Banks and the CSB wanted TEEX to develop a training module to educate firefighters on how fires should be approached and contained when FGAN is involved, Banks says. The CSB then took the program and, along with TEEX, promoted it to the emergency response community.
TEEX teaches firefighting and emergency response through real-world practice using “props.” In a mock industrial setting, for instance, these training props closely mimic a chemical or refinery complex. The complex can be set on fire, providing a site for firefighters to practice using different containment approaches to curb the spread of an industrial fire. Responders can also train to contain chemical leaks. “We’ve got leaking valves, pumps, hoses, flanges—you name it,” says Nick Hickson, a hazmat program training manager at TEEX.
Other training scenarios address railcar loading facilities, chemical bulk storage sites, aircraft crashes, and marine and ship incidents. The scenarios are chosen by the customer, which could be a refinery or chemical plant owner or a municipality, Hickson says.
The trainees practice responding to incidents that might involve hydrogen fluoride, sulfuric acid, chlorine, and other toxic chemicals, Hickson explains, with water standing in for the chemical and placards identifying the simulated agent.

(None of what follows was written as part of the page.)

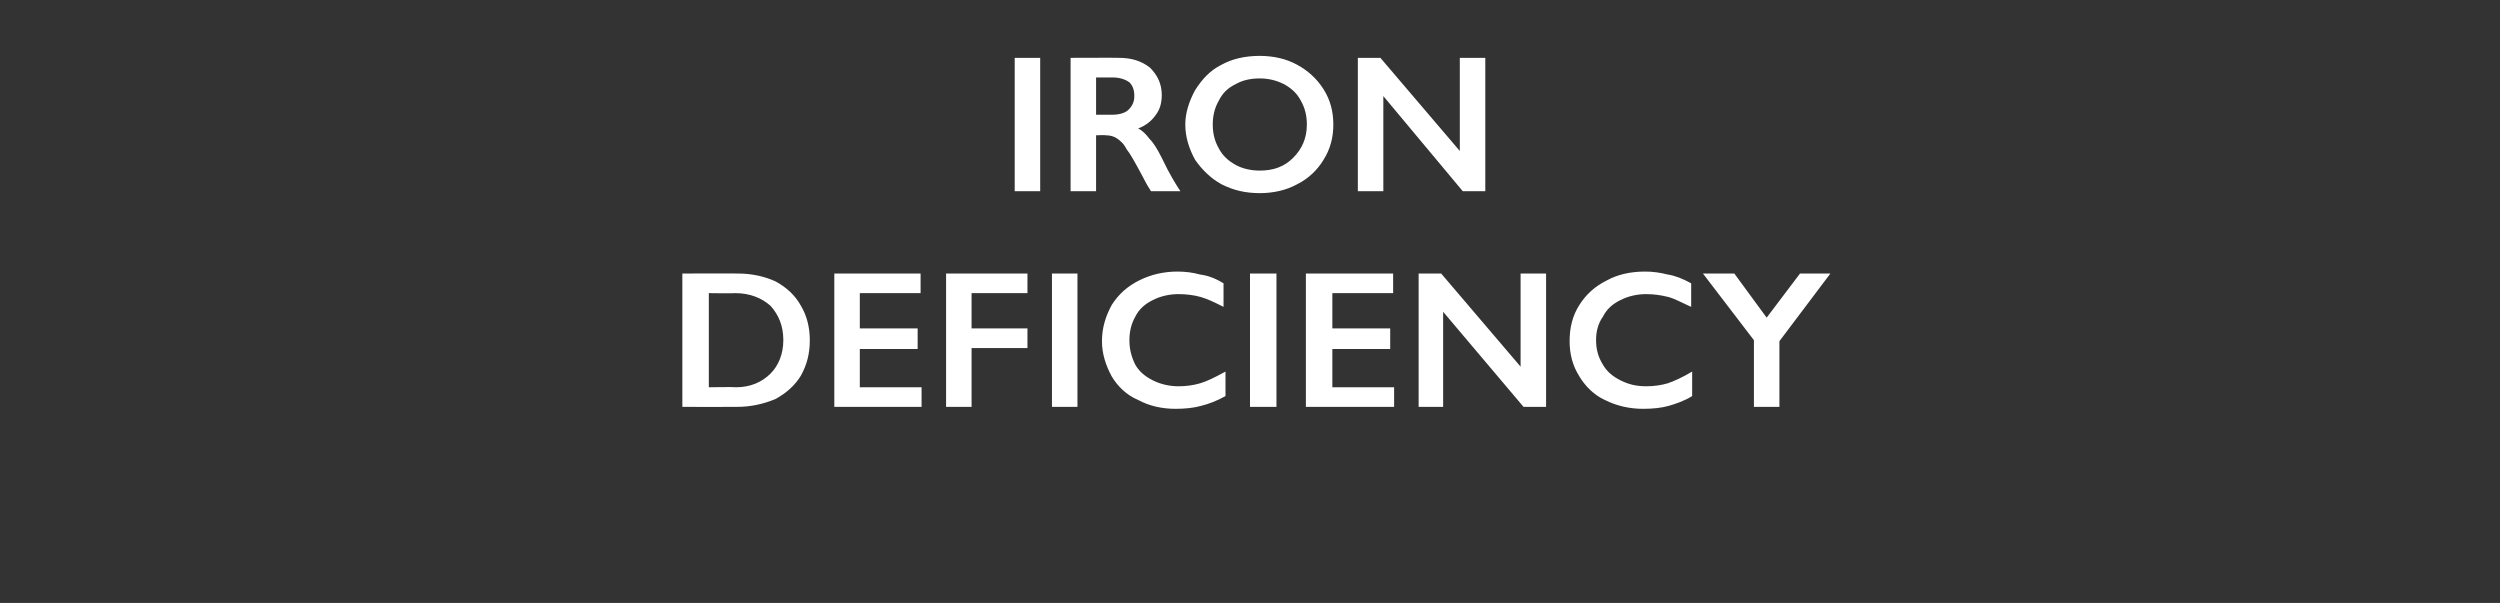 <?xml version="1.0" standalone="no"?><!DOCTYPE svg PUBLIC "-//W3C//DTD SVG 1.1//EN" "http://www.w3.org/Graphics/SVG/1.1/DTD/svg11.dtd"><svg xmlns="http://www.w3.org/2000/svg" version="1.1" width="255px" height="61.5px" viewBox="0 -5 255 61.5" style="top:-5px"><rect x="0" y="-5" width="255" height="61.5" fill="#333333" stroke="none"/>  <desc>Iron Deficiency</desc>  <defs/>  <g id="Polygon162853">    <path d="M 75.3 22.9 C 76.7 22.9 78 23.2 79.1 23.7 C 80.2 24.3 81.1 25.1 81.7 26.2 C 82.3 27.2 82.6 28.4 82.6 29.7 C 82.6 31.1 82.3 32.2 81.7 33.3 C 81.1 34.3 80.2 35.1 79.1 35.7 C 77.9 36.2 76.6 36.5 75.2 36.5 C 75.17 36.52 69.6 36.5 69.6 36.5 L 69.6 22.9 C 69.6 22.9 75.33 22.88 75.3 22.9 Z M 75.1 34.5 C 76.5 34.5 77.7 34 78.6 33.1 C 79.4 32.3 79.9 31.1 79.9 29.7 C 79.9 28.2 79.4 27.1 78.6 26.2 C 77.7 25.4 76.5 24.9 75 24.9 C 74.97 24.94 72.3 24.9 72.3 24.9 L 72.3 34.5 C 72.3 34.5 75.05 34.46 75.1 34.5 Z M 93.9 22.9 L 93.9 24.9 L 87.7 24.9 L 87.7 28.5 L 93.6 28.5 L 93.6 30.6 L 87.7 30.6 L 87.7 34.5 L 94 34.5 L 94 36.5 L 85.1 36.5 L 85.1 22.9 L 93.9 22.9 Z M 104.8 22.9 L 104.8 24.9 L 99.1 24.9 L 99.1 28.5 L 104.8 28.5 L 104.8 30.5 L 99.1 30.5 L 99.1 36.5 L 96.5 36.5 L 96.5 22.9 L 104.8 22.9 Z M 109.9 22.9 L 109.9 36.5 L 107.3 36.5 L 107.3 22.9 L 109.9 22.9 Z M 120.1 22.7 C 120.9 22.7 121.7 22.8 122.4 23 C 123.2 23.1 124 23.4 124.8 23.9 C 124.8 23.9 124.8 26.3 124.8 26.3 C 124 25.9 123.2 25.5 122.5 25.3 C 121.8 25.1 121 25 120.2 25 C 119.3 25 118.4 25.2 117.6 25.6 C 116.8 26 116.2 26.5 115.8 27.3 C 115.4 28 115.2 28.8 115.2 29.7 C 115.2 30.6 115.4 31.4 115.8 32.2 C 116.2 32.9 116.8 33.4 117.6 33.8 C 118.4 34.2 119.3 34.4 120.2 34.4 C 121 34.4 121.7 34.3 122.4 34.1 C 123.1 33.9 123.9 33.5 125 32.9 C 125 32.9 125 35.4 125 35.4 C 124.1 35.9 123.3 36.2 122.5 36.4 C 121.8 36.6 120.9 36.7 119.9 36.7 C 118.5 36.7 117.2 36.4 116.1 35.8 C 114.9 35.3 114 34.4 113.4 33.4 C 112.8 32.3 112.4 31.1 112.4 29.8 C 112.4 28.4 112.8 27.2 113.4 26.1 C 114.1 25 115 24.2 116.2 23.6 C 117.4 23 118.7 22.7 120.1 22.7 Z M 130.2 22.9 L 130.2 36.5 L 127.5 36.5 L 127.5 22.9 L 130.2 22.9 Z M 142.1 22.9 L 142.1 24.9 L 135.9 24.9 L 135.9 28.5 L 141.8 28.5 L 141.8 30.6 L 135.9 30.6 L 135.9 34.5 L 142.2 34.5 L 142.2 36.5 L 133.2 36.5 L 133.2 22.9 L 142.1 22.9 Z M 147 22.9 L 155.1 32.4 L 155.1 22.9 L 157.7 22.9 L 157.7 36.5 L 155.4 36.5 L 147.2 26.8 L 147.2 36.5 L 144.7 36.5 L 144.7 22.9 L 147 22.9 Z M 167.8 22.7 C 168.6 22.7 169.3 22.8 170.1 23 C 170.8 23.1 171.6 23.4 172.5 23.9 C 172.5 23.9 172.5 26.3 172.5 26.3 C 171.6 25.9 170.9 25.5 170.2 25.3 C 169.4 25.1 168.7 25 167.9 25 C 167 25 166.1 25.2 165.3 25.6 C 164.5 26 163.9 26.5 163.5 27.3 C 163 28 162.8 28.8 162.8 29.7 C 162.8 30.6 163 31.4 163.5 32.2 C 163.9 32.9 164.5 33.4 165.3 33.8 C 166.1 34.2 166.9 34.4 167.9 34.4 C 168.7 34.4 169.4 34.3 170.1 34.1 C 170.7 33.9 171.6 33.5 172.6 32.9 C 172.6 32.9 172.6 35.4 172.6 35.4 C 171.8 35.9 170.9 36.2 170.2 36.4 C 169.5 36.6 168.6 36.7 167.6 36.7 C 166.2 36.7 164.9 36.4 163.7 35.8 C 162.6 35.3 161.7 34.4 161.1 33.4 C 160.4 32.3 160.1 31.1 160.1 29.8 C 160.1 28.4 160.4 27.2 161.1 26.1 C 161.8 25 162.7 24.2 163.9 23.6 C 165 23 166.3 22.7 167.8 22.7 Z M 176.9 22.9 L 180.2 27.4 L 183.6 22.9 L 186.7 22.9 L 181.5 29.8 L 181.5 36.5 L 178.9 36.5 L 178.9 29.7 L 173.7 22.9 L 176.9 22.9 Z " stroke="none" fill="#fff"/>  </g>  <g id="Polygon162852">    <path d="M 106.1 0.9 L 106.1 14.5 L 103.5 14.5 L 103.5 0.9 L 106.1 0.9 Z M 114.1 0.9 C 115.4 0.9 116.4 1.2 117.3 1.9 C 118.1 2.7 118.5 3.6 118.5 4.7 C 118.5 5.5 118.3 6.2 117.9 6.7 C 117.5 7.3 116.9 7.8 116.1 8.1 C 116.5 8.3 116.9 8.7 117.2 9.1 C 117.6 9.5 118 10.1 118.5 11.1 C 119.3 12.8 120 13.9 120.4 14.5 C 120.4 14.5 117.4 14.5 117.4 14.5 C 117.2 14.2 116.9 13.7 116.6 13.1 C 115.8 11.6 115.3 10.7 114.9 10.2 C 114.6 9.6 114.2 9.3 113.9 9.1 C 113.6 8.9 113.2 8.8 112.8 8.8 C 112.8 8.76 111.8 8.8 111.8 8.8 L 111.8 14.5 L 109.2 14.5 L 109.2 0.9 C 109.2 0.9 114.12 0.88 114.1 0.9 Z M 113.5 6.7 C 114.2 6.7 114.8 6.5 115.1 6.2 C 115.5 5.8 115.7 5.4 115.7 4.8 C 115.7 4.1 115.5 3.7 115.2 3.4 C 114.8 3.1 114.2 2.9 113.5 2.9 C 113.48 2.9 111.8 2.9 111.8 2.9 L 111.8 6.7 C 111.8 6.7 113.52 6.7 113.5 6.7 Z M 128.5 0.7 C 129.9 0.7 131.2 1 132.3 1.6 C 133.4 2.2 134.3 3 135 4.1 C 135.7 5.2 136 6.4 136 7.7 C 136 9 135.7 10.2 135 11.3 C 134.4 12.3 133.5 13.2 132.3 13.8 C 131.2 14.4 129.9 14.7 128.5 14.7 C 127 14.7 125.8 14.4 124.6 13.8 C 123.5 13.2 122.6 12.3 121.9 11.3 C 121.3 10.2 120.9 9 120.9 7.7 C 120.9 6.5 121.3 5.3 121.9 4.2 C 122.6 3.1 123.4 2.2 124.6 1.6 C 125.7 1 127 0.7 128.5 0.7 Z M 123.7 7.7 C 123.7 8.6 123.9 9.4 124.3 10.1 C 124.7 10.9 125.3 11.4 126 11.8 C 126.7 12.2 127.6 12.4 128.5 12.4 C 129.9 12.4 131 12 131.9 11.1 C 132.8 10.2 133.3 9.1 133.3 7.7 C 133.3 6.8 133.1 6 132.7 5.3 C 132.3 4.5 131.7 4 131 3.6 C 130.2 3.2 129.4 3 128.5 3 C 127.5 3 126.7 3.2 126 3.6 C 125.2 4 124.7 4.5 124.3 5.3 C 123.9 6 123.7 6.8 123.7 7.7 Z M 140.8 0.9 L 148.9 10.4 L 148.9 0.9 L 151.5 0.9 L 151.5 14.5 L 149.2 14.5 L 141.1 4.8 L 141.1 14.5 L 138.5 14.5 L 138.5 0.9 L 140.8 0.9 Z " stroke="none" fill="#fff"/>  </g></svg>

The classes include hands-on work and textbook study that can run from 8 to 80 h in length, depending on need. The TEEX trainers also offer courses in basic chemistry for firefighters and emergency responders.
And then there is Disaster City, a sort of “Disneyland for emergency responders,” says Jory Grassinger, TEEX’s director of incident management programs.
Disaster City and TEEX’s nearby Brayton Fire Training Field are a 1.4 km2, $600 million complex that holds flipped railcars, crashed airplanes, and burning storage tanks, as well as strategically arranged rubble with blocks of concrete and steel and wood beams. Search and rescue teams, along with canine supporters, practice search operations by moving gingerly through debris, looking and listening for survivors—often community volunteers hidden in the rubble and collapsed buildings.
Other training sites at the complex mirror the remains of factories, strip malls, residential structures, office complexes, theaters, and other structures. All these are part of TEEX’s Emergency Services Training Institute (ESTI), its largest training division. ESTI director Gordon Lohmeyer explains that the goal is to provide a place to develop and hone the skills of firefighters, search and rescue personnel, and other responders.
Lohmeyer estimates that ESTI trains more than 100,000 people each year, offering courses spanning firefighting and rescue operations as well as subjects like an introduction to chemistry. These classes can be taken at ESTI’s campus or at a customer’s site throughout the world; they range from a few hours for basic skills training to 6 months for a paramedic training program or firefighting certification.
Instructors number about 225 full-timers and staff supplemented by more than 400 part-time supporters. All have on-the-job experience in the courses they teach.
Daniel Buchanan is an incident training coordinator and is a former refinery emergency preparedness supervisor who spent 3 decades in the petroleum industry. His teaching methods are like “dropping students in hot grease but not getting them burned,” Buchanan says. “Our emphasis is what to do when the alarm goes off.”
These trainers stress that TEEX wants to ingrain a clear response plan in students through real-life practice and education, avoiding or at least mitigating incidents like the one at the West warehouse, which claimed so many lives. Such knowledge may prove very important, as OSHA and the EPA chose not to implement the CSB’s recommendations to toughen FGAN regulations.
Jeff Johnson is a freelance writer based in Washington, DC.